A data warehouse collects, organizes, and makes data available for
the purpose of analysis - to give management the ability to access
and analyze information about its business. This type of data can
be called "informational data". The systems used to work with informational
data are referred to as OLAP (On-Line Analytical Processing). Bill
Inmon coined the term "data warehouse" in 1990. His definition is:
"A (data) warehouse is a subject-oriented, integrated, time-variant
and non-volatile collection of data in support of management's decision
making process." Subject-oriented - Data that gives information
about a particular subject instead of about a company's on-going
operations. Integrated - Data that is gathered into the data warehouse
from a variety of sources and merged into a coherent whole. Time-variant
- All data in the data warehouse is identified with a particular
time period. Non-volatile - Data is stable in a data warehouse.

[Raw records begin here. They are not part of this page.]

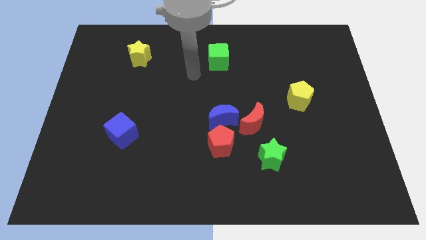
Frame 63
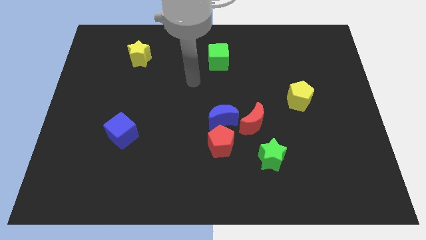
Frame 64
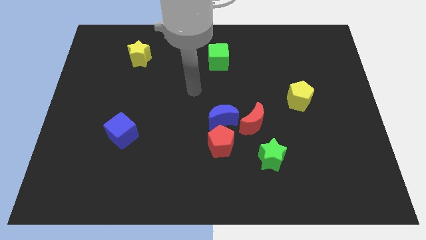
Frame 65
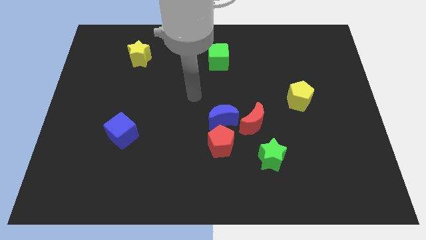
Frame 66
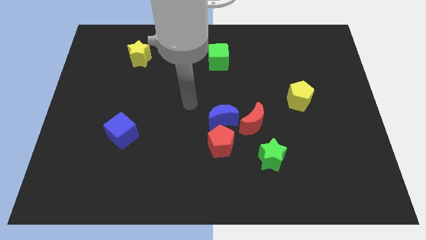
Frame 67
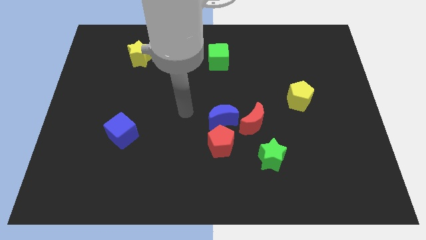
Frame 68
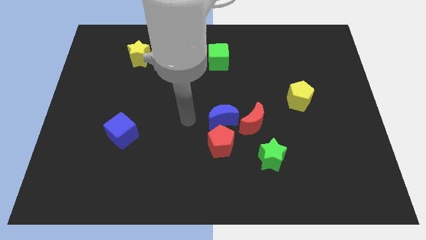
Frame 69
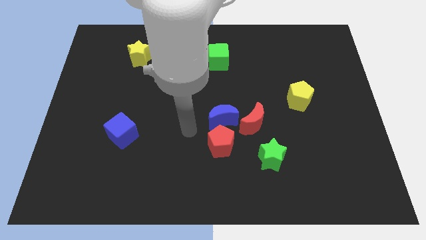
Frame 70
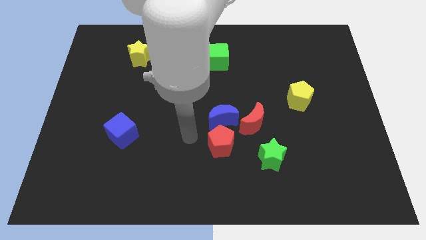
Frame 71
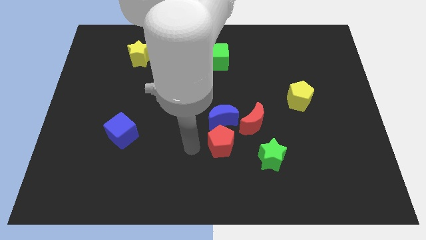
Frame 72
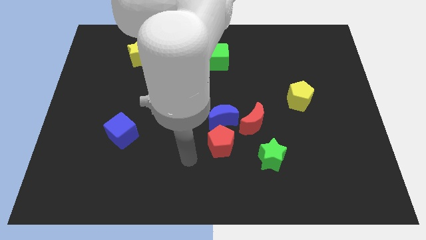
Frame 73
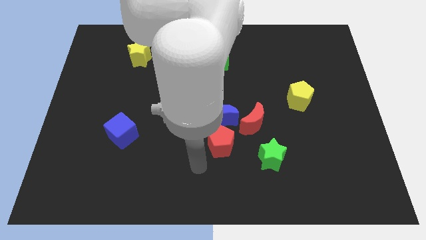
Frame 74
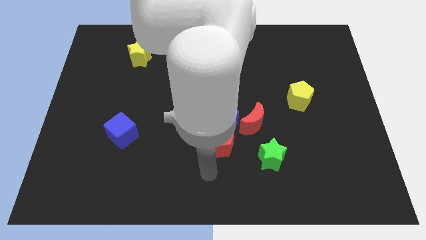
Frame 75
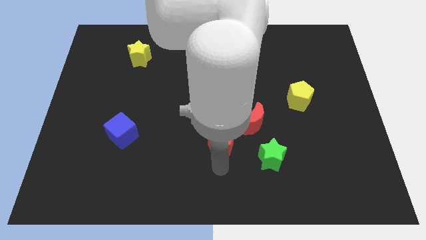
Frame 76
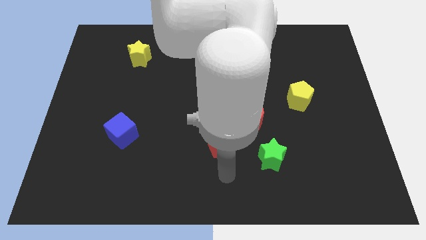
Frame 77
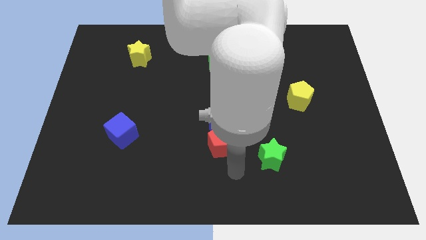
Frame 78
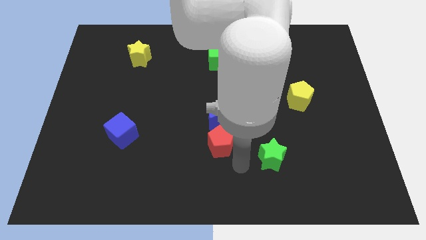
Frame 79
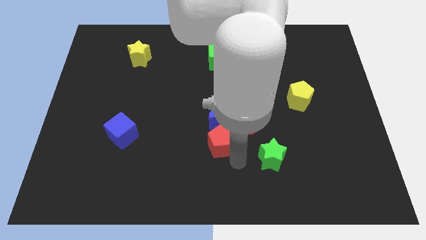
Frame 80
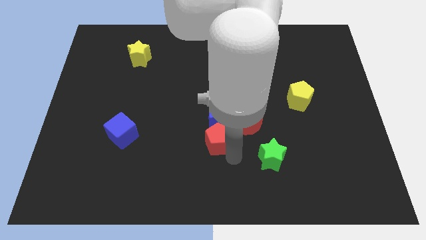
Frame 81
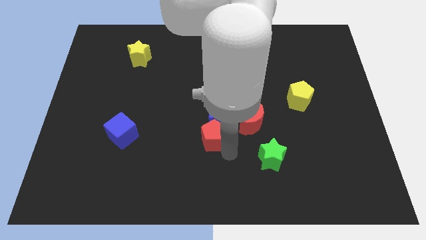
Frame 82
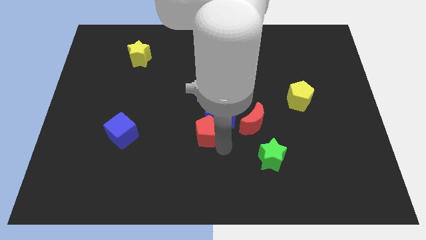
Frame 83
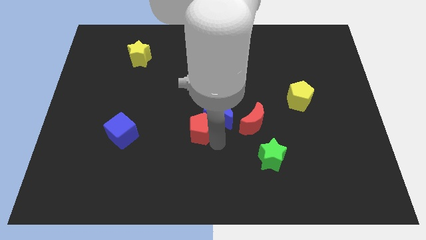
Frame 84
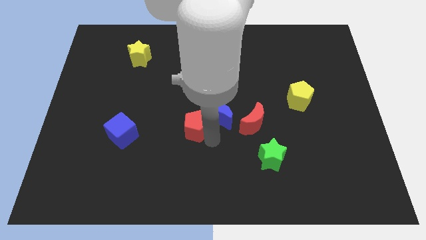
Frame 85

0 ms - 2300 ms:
slide the red pentagon a little diagonally up and to the left

More data is added, but data is never removed. This enables management
to gain a consistent picture of the business.
Data Warehousing Management
The
on-going supervision of the data warehousing process. Data warehousing
is an on-going process. All of the issues that need to be addressed
when a data warehousing project is started also need to be addressed
as the data warehouse is used and, most likely, expanded. The types
of data warehousing management issues that need to be addressed
are: Deciding on Management - Who is sponsoring the project? Who
is making the tough decisions? Who is going to mediate conflicts?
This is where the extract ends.